5.11 Dealing with correlated predictors

Highly correlated predictors can lead to collinearity issues and this can greatly increase the model variance, especially in the context of regression. In some cases, there could be relationships between multiple predictor variables and this is called multicollinearity. Having correlated variables will result in unnecessarily complex models with more than necessary predictor variables. From a data collection point of view, spending time and money for collecting correlated variables could be a waste of effort. In terms of linear regression or the models that are based on regression, the collinearity problem is more severe because it creates unstable models where statistical inference becomes difficult or unreliable. On the other hand, correlation between variables may not be a problem for the predictive performance if the correlation structure in the training and the future tests data sets are the same. However, more often, correlated structures within the training set might lead to overfitting.

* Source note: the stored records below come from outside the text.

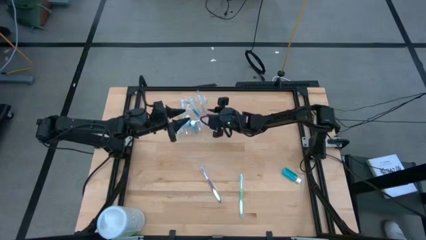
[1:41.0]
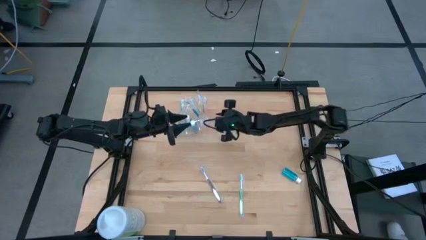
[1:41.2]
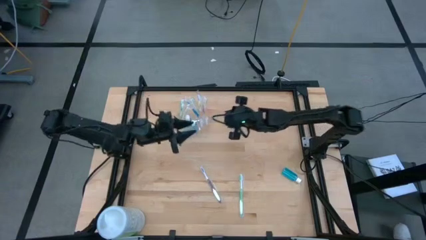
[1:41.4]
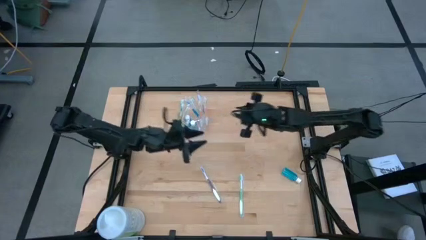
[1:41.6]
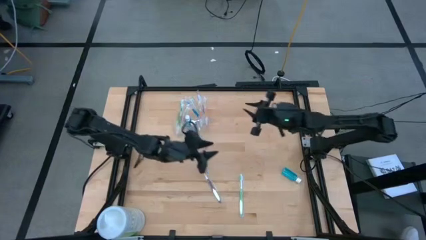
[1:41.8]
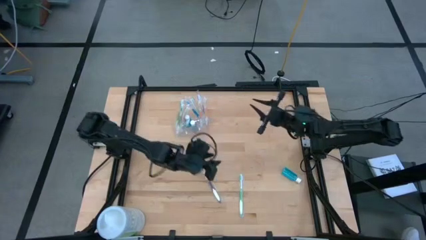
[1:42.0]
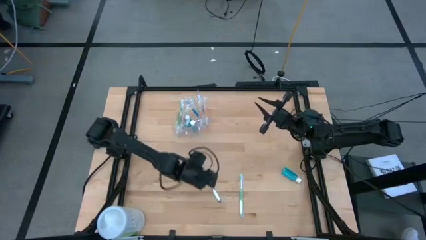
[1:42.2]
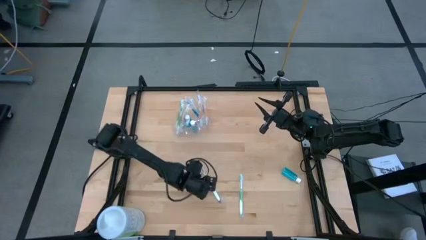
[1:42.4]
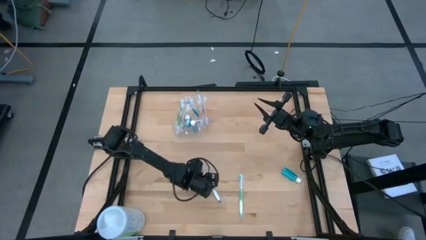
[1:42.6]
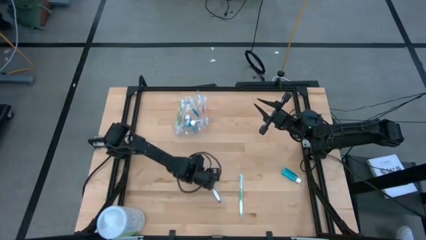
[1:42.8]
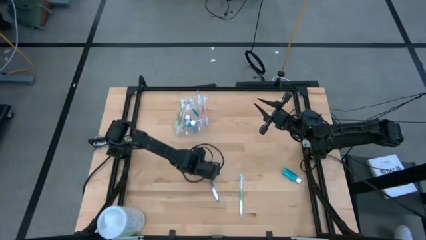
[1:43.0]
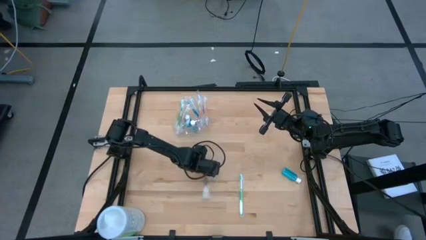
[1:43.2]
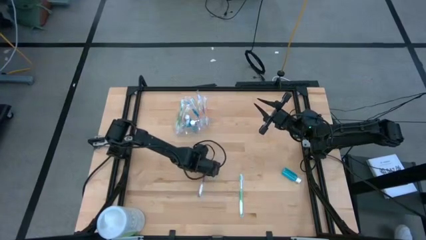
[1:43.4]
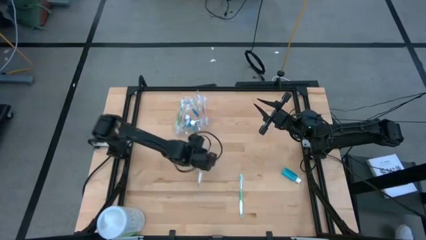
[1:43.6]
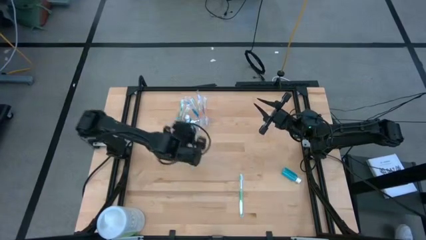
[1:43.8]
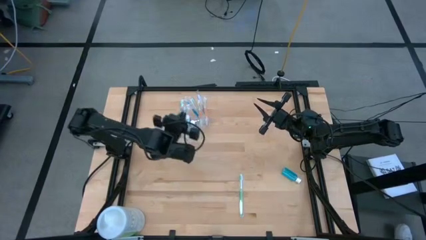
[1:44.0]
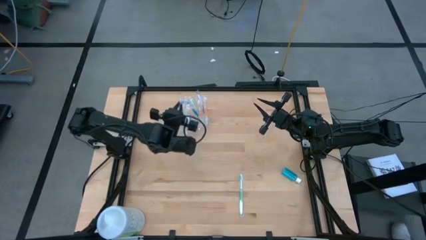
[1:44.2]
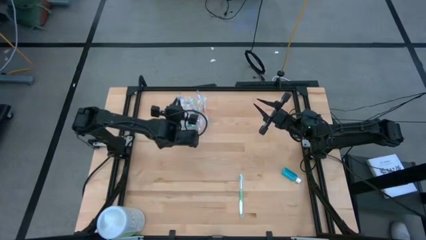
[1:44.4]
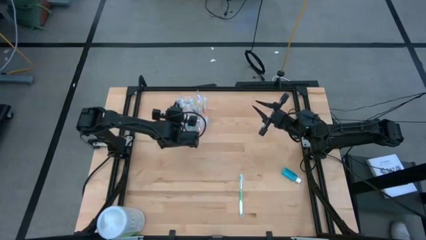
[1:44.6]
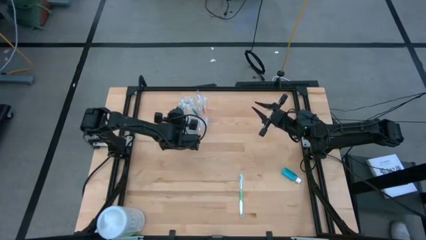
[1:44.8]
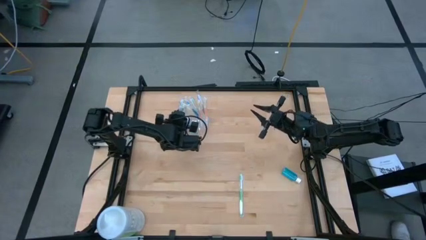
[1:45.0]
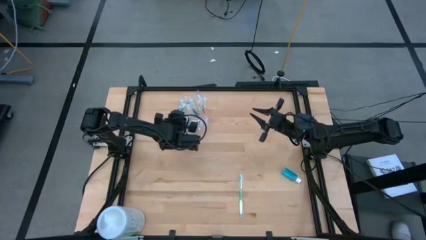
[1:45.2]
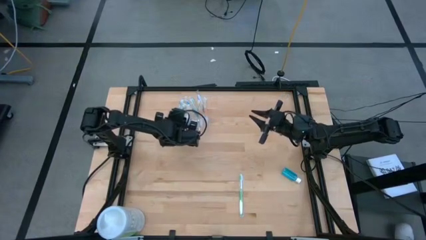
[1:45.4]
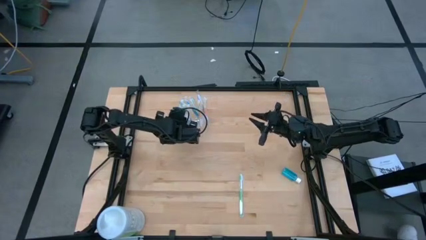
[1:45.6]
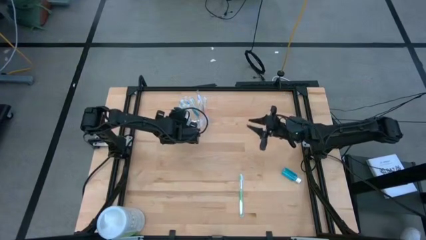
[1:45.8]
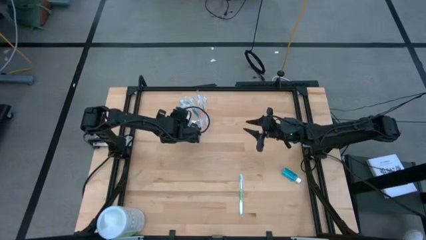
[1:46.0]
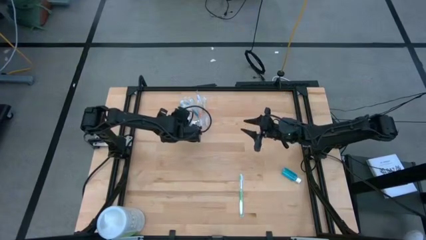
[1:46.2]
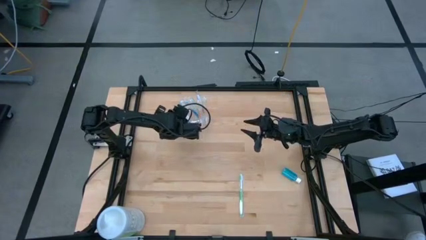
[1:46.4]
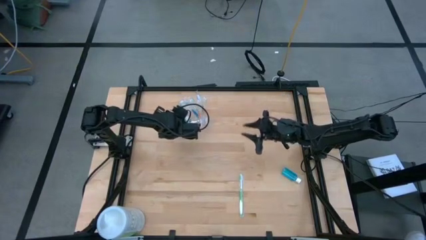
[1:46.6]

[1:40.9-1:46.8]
Put the violet toothbrush into the transparent organizer

Here are couple of things to do if collinearity is a problem:

  • We can do PCA on the training data, which creates new variables removing the collinearity between them. We can then train models on these new dimensions. The downside is that it is harder to interpret these variables. They are now linear combinations of original variables. The variable importance would be harder to interpret.

  • As we have already shown in the data preprocessing section, we can try variable filtering and reduce the number of correlated variables. However, this may not address the multicollinearity issue where linear combinations of variables might be correlated while they are not directly correlated themselves.

  • Method-specific techniques such as regularization can decrease the effects of collinearity. Regularization, as we will see in the later chapter, is a technique that is used to prevent overfitting and it can also dampen the effects of collinearity. In addition, decision-tree-based methods could suffer less from the effects of collinearity.